Due to the large size of the dataset, we filter it down to a specific 'Township-Range' for a manageable and focused analysis.



In [7]:
location_df['Township-Range'].value_counts()

T20S-R20E    267
T32S-R12W    231
T31S-R1W     197
T14S-R32W    160
T11S-R17W    160
            ... 
T13S-R10W      1
T13S-R9W       1
T12S-R41W      1
T12S-R40W      1
T15S-R39W      1
Name: Township-Range, Length: 1618, dtype: int64

In [8]:
tr_mask_value = location_df['Township-Range'].value_counts().idxmax()
tr_mask_value

'T20S-R20E'

In [9]:
mask = las_file_df['Township-Range'] == tr_mask_value

In [10]:
target_df = las_file_df[mask]

## Step 6: Downloading the filtered data

We define a function to download a ZIP file from a specified URL and extract it into a specified location.

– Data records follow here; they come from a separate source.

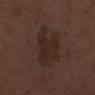The lesion was photographed on a routine skin check and not biopsied; there is no pathology result. From the right lower leg. A 15 mm crop from a total-body photograph taken for skin-cancer surveillance. The subject is a male aged around 70. Automated tile analysis of the lesion measured a footprint of about 18 mm² and an eccentricity of roughly 0.75. The software also gave a lesion–skin lightness drop of about 6 and a lesion-to-skin contrast of about 6.5 (normalized; higher = more distinct). It also reported a border-irregularity index near 3.5/10, a within-lesion color-variation index near 2/10, and a peripheral color-asymmetry measure near 1. This is a white-light tile. About 6 mm across.
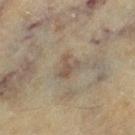  biopsy_status: not biopsied; imaged during a skin examination
  patient:
    sex: female
    age_approx: 55
  lesion_size:
    long_diameter_mm_approx: 3.0
  site: left thigh
  lighting: cross-polarized
  image:
    source: total-body photography crop
    field_of_view_mm: 15
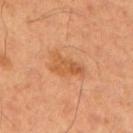Assessment: Part of a total-body skin-imaging series; this lesion was reviewed on a skin check and was not flagged for biopsy. Context: A male patient approximately 55 years of age. The tile uses cross-polarized illumination. About 4 mm across. From the arm. Automated image analysis of the tile measured a border-irregularity index near 4/10, a within-lesion color-variation index near 3/10, and peripheral color asymmetry of about 1. And it measured an automated nevus-likeness rating near 5 out of 100 and a detector confidence of about 100 out of 100 that the crop contains a lesion. A lesion tile, about 15 mm wide, cut from a 3D total-body photograph.
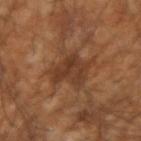Clinical impression: Recorded during total-body skin imaging; not selected for excision or biopsy. Acquisition and patient details: A 15 mm close-up tile from a total-body photography series done for melanoma screening. Approximately 4.5 mm at its widest. The lesion is located on the right forearm. An algorithmic analysis of the crop reported an area of roughly 14 mm², an eccentricity of roughly 0.4, and a shape-asymmetry score of about 0.35 (0 = symmetric). The software also gave a border-irregularity rating of about 5/10 and a peripheral color-asymmetry measure near 1. And it measured an automated nevus-likeness rating near 0 out of 100 and a detector confidence of about 85 out of 100 that the crop contains a lesion. The tile uses cross-polarized illumination. The patient is a male approximately 55 years of age.
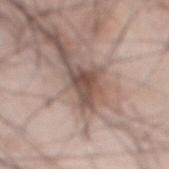No biopsy was performed on this lesion — it was imaged during a full skin examination and was not determined to be concerning.
A male subject, in their 60s.
A close-up tile cropped from a whole-body skin photograph, about 15 mm across.
Longest diameter approximately 4 mm.
The lesion is on the front of the torso.
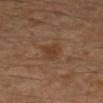{
  "image": {
    "source": "total-body photography crop",
    "field_of_view_mm": 15
  },
  "patient": {
    "sex": "male",
    "age_approx": 30
  },
  "site": "left leg"
}

If the redownload flag is set to True, we loop through each row of the filtered DataFrame, construct the URL and filename for the ZIP file, and then download and extract it.

In [11]:
def get_zip(url, filename):
    response = requests.get(url) 
    zip_file = io.BytesIO(response.content)

    with zipfile.ZipFile(zip_file) as z:
        z.extractall(filename)

In [12]:
if redownload:
    for idx, row in target_df.iterrows():
        folder = row.KGS_ID
        url = row.URL
        zip_num = url.split('/')[-1].strip('.zip')
        filename = f'logs/{folder}/{zip_num}/'
        get_zip(url, filename)


This is the end of Part 1 of our walkthrough, where we load, normalize and filter the data. 

In subsequent parts, we will continue with depth adjustment, splicing, and outputting the logs in a format ready for geological workstation software.